In the listing below, find the line that contains "#4107=CARTESIAN_POINT('',(5.697,61.169,-34.));" and the line that contains "#4369=CARTESIAN_POINT('Ctrl Pts',(-50.125,0.,0.));". Quote both and every line between them, exactly, and nothing more.

═════ MATERIAL SUPPLIED ═════

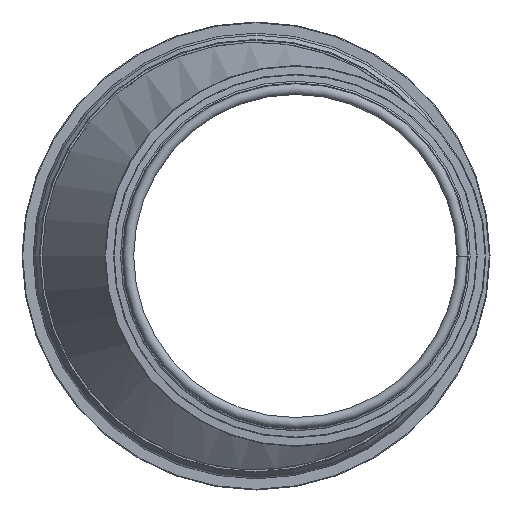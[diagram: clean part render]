
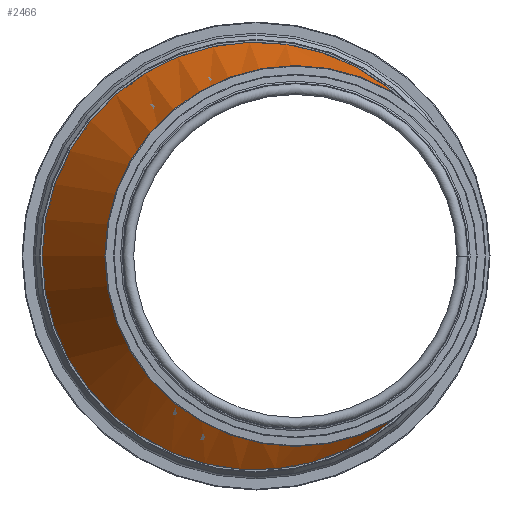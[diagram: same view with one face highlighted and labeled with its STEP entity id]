
A CAD part, left-side view. The second image highlights one B-rep face of the part: STEP entity #2466.
In plain terms, the highlighted free-form (B-spline) face has degree [1, 2] with [2, 9] control points.
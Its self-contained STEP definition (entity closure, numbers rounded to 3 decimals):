
#11=(
BOUNDED_SURFACE()
B_SPLINE_SURFACE(1,2,((#4358,#4359,#4360,#4361,#4362,#4363,#4364,#4365,
#4366),(#4367,#4368,#4369,#4370,#4371,#4372,#4373,#4374,#4375)),
 .UNSPECIFIED.,.F.,.T.,.F.)
B_SPLINE_SURFACE_WITH_KNOTS((2,2),(3,2,2,2,3),(-0.302,0.856),
(-3.142,-1.571,0.,1.571,3.142),
 .UNSPECIFIED.)
GEOMETRIC_REPRESENTATION_ITEM()
RATIONAL_B_SPLINE_SURFACE(((1.,0.707,1.,0.707,1.,
0.707,1.,0.707,1.),(1.,0.707,1.,0.707,
1.,0.707,1.,0.707,1.)))
REPRESENTATION_ITEM('')
SURFACE()
);
#22=B_SPLINE_CURVE_WITH_KNOTS('',1,(#4376,#4377),.UNSPECIFIED.,.F.,.F.,
(2,2),(-0.632,-0.028),.UNSPECIFIED.);
#292=FACE_OUTER_BOUND('',#490,.T.);
#490=EDGE_LOOP('',(#1822,#1823,#1824,#1825,#1826,#1827,#1828));
#672=CIRCLE('',#2723,61.425);
#673=CIRCLE('',#2724,61.425);
#678=CIRCLE('',#2732,50.125);
#679=CIRCLE('',#2733,50.125);
#680=CIRCLE('',#2734,50.125);
#1104=VERTEX_POINT('',#4106);
#1105=VERTEX_POINT('',#4107);
#1112=VERTEX_POINT('',#4267);
#1113=VERTEX_POINT('',#4268);
#1114=VERTEX_POINT('',#4270);
#1344=EDGE_CURVE('',#1104,#1105,#672,.T.);
#1345=EDGE_CURVE('',#1105,#1104,#673,.T.);
#1354=EDGE_CURVE('',#1112,#1113,#678,.T.);
#1355=EDGE_CURVE('',#1114,#1112,#679,.T.);
#1356=EDGE_CURVE('',#1113,#1114,#680,.T.);
#1359=EDGE_CURVE('',#1114,#1105,#22,.T.);
#1822=ORIENTED_EDGE('',*,*,#1354,.T.);
#1823=ORIENTED_EDGE('',*,*,#1356,.T.);
#1824=ORIENTED_EDGE('',*,*,#1359,.T.);
#1825=ORIENTED_EDGE('',*,*,#1345,.T.);
#1826=ORIENTED_EDGE('',*,*,#1344,.T.);
#1827=ORIENTED_EDGE('',*,*,#1359,.F.);
#1828=ORIENTED_EDGE('',*,*,#1355,.T.);
#2466=ADVANCED_FACE('',(#292),#11,.F.);
#2723=AXIS2_PLACEMENT_3D('',#4108,#3308,#3309);
#2724=AXIS2_PLACEMENT_3D('',#4109,#3310,#3311);
#2732=AXIS2_PLACEMENT_3D('',#4269,#3326,#3327);
#2733=AXIS2_PLACEMENT_3D('',#4271,#3328,#3329);
#2734=AXIS2_PLACEMENT_3D('',#4272,#3330,#3331);
#3308=DIRECTION('center_axis',(0.,0.,1.));
#3309=DIRECTION('ref_axis',(1.,0.,0.));
#3310=DIRECTION('center_axis',(0.,0.,1.));
#3311=DIRECTION('ref_axis',(1.,0.,0.));
#3326=DIRECTION('center_axis',(0.,0.,-1.));
#3327=DIRECTION('ref_axis',(1.,0.,0.));
#3328=DIRECTION('center_axis',(0.,0.,-1.));
#3329=DIRECTION('ref_axis',(1.,0.,0.));
#3330=DIRECTION('center_axis',(0.,0.,-1.));
#3331=DIRECTION('ref_axis',(1.,0.,0.));
#4106=CARTESIAN_POINT('',(72.725,0.,-34.));
#4107=CARTESIAN_POINT('',(5.697,61.169,-34.));
#4108=CARTESIAN_POINT('Origin',(11.3,0.,-34.));
#4109=CARTESIAN_POINT('Origin',(11.3,0.,-34.));
#4267=CARTESIAN_POINT('',(50.125,0.,0.));
#4268=CARTESIAN_POINT('',(-50.125,0.,0.));
#4269=CARTESIAN_POINT('Origin',(0.,0.,0.));
#4270=CARTESIAN_POINT('',(-4.573,49.916,0.));
#4271=CARTESIAN_POINT('Origin',(0.,0.,0.));
#4272=CARTESIAN_POINT('Origin',(0.,0.,0.));
#4358=CARTESIAN_POINT('Ctrl Pts',(11.3,67.309,-52.552));
#4359=CARTESIAN_POINT('Ctrl Pts',(-50.125,67.309,-71.105));
#4360=CARTESIAN_POINT('Ctrl Pts',(-50.125,0.,
-71.105));
#4361=CARTESIAN_POINT('Ctrl Pts',(-50.125,-67.309,-71.105));
#4362=CARTESIAN_POINT('Ctrl Pts',(11.3,-67.309,-52.552));
#4363=CARTESIAN_POINT('Ctrl Pts',(72.725,-67.309,-34.));
#4364=CARTESIAN_POINT('Ctrl Pts',(72.725,0.,
-34.));
#4365=CARTESIAN_POINT('Ctrl Pts',(72.725,67.309,-34.));
#4366=CARTESIAN_POINT('Ctrl Pts',(11.3,67.309,-52.552));
#4367=CARTESIAN_POINT('Ctrl Pts',(-8.381,45.743,12.608));
#4368=CARTESIAN_POINT('Ctrl Pts',(-50.125,45.743,0.));
#4369=CARTESIAN_POINT('Ctrl Pts',(-50.125,0.,0.));
#4370=CARTESIAN_POINT('Ctrl Pts',(-50.125,-45.743,0.));
#4371=CARTESIAN_POINT('Ctrl Pts',(-8.381,-45.743,12.608));
#4372=CARTESIAN_POINT('Ctrl Pts',(33.364,-45.743,25.216));
#4373=CARTESIAN_POINT('Ctrl Pts',(33.364,0.,
25.216));
#4374=CARTESIAN_POINT('Ctrl Pts',(33.364,45.743,25.216));
#4375=CARTESIAN_POINT('Ctrl Pts',(-8.381,45.743,12.608));
#4376=CARTESIAN_POINT('Ctrl Pts',(-4.573,49.916,0.));
#4377=CARTESIAN_POINT('Ctrl Pts',(5.697,61.169,-34.));

═════

**ANSWER SPACE:**
#4107=CARTESIAN_POINT('',(5.697,61.169,-34.));
#4108=CARTESIAN_POINT('Origin',(11.3,0.,-34.));
#4109=CARTESIAN_POINT('Origin',(11.3,0.,-34.));
#4267=CARTESIAN_POINT('',(50.125,0.,0.));
#4268=CARTESIAN_POINT('',(-50.125,0.,0.));
#4269=CARTESIAN_POINT('Origin',(0.,0.,0.));
#4270=CARTESIAN_POINT('',(-4.573,49.916,0.));
#4271=CARTESIAN_POINT('Origin',(0.,0.,0.));
#4272=CARTESIAN_POINT('Origin',(0.,0.,0.));
#4358=CARTESIAN_POINT('Ctrl Pts',(11.3,67.309,-52.552));
#4359=CARTESIAN_POINT('Ctrl Pts',(-50.125,67.309,-71.105));
#4360=CARTESIAN_POINT('Ctrl Pts',(-50.125,0.,
-71.105));
#4361=CARTESIAN_POINT('Ctrl Pts',(-50.125,-67.309,-71.105));
#4362=CARTESIAN_POINT('Ctrl Pts',(11.3,-67.309,-52.552));
#4363=CARTESIAN_POINT('Ctrl Pts',(72.725,-67.309,-34.));
#4364=CARTESIAN_POINT('Ctrl Pts',(72.725,0.,
-34.));
#4365=CARTESIAN_POINT('Ctrl Pts',(72.725,67.309,-34.));
#4366=CARTESIAN_POINT('Ctrl Pts',(11.3,67.309,-52.552));
#4367=CARTESIAN_POINT('Ctrl Pts',(-8.381,45.743,12.608));
#4368=CARTESIAN_POINT('Ctrl Pts',(-50.125,45.743,0.));
#4369=CARTESIAN_POINT('Ctrl Pts',(-50.125,0.,0.));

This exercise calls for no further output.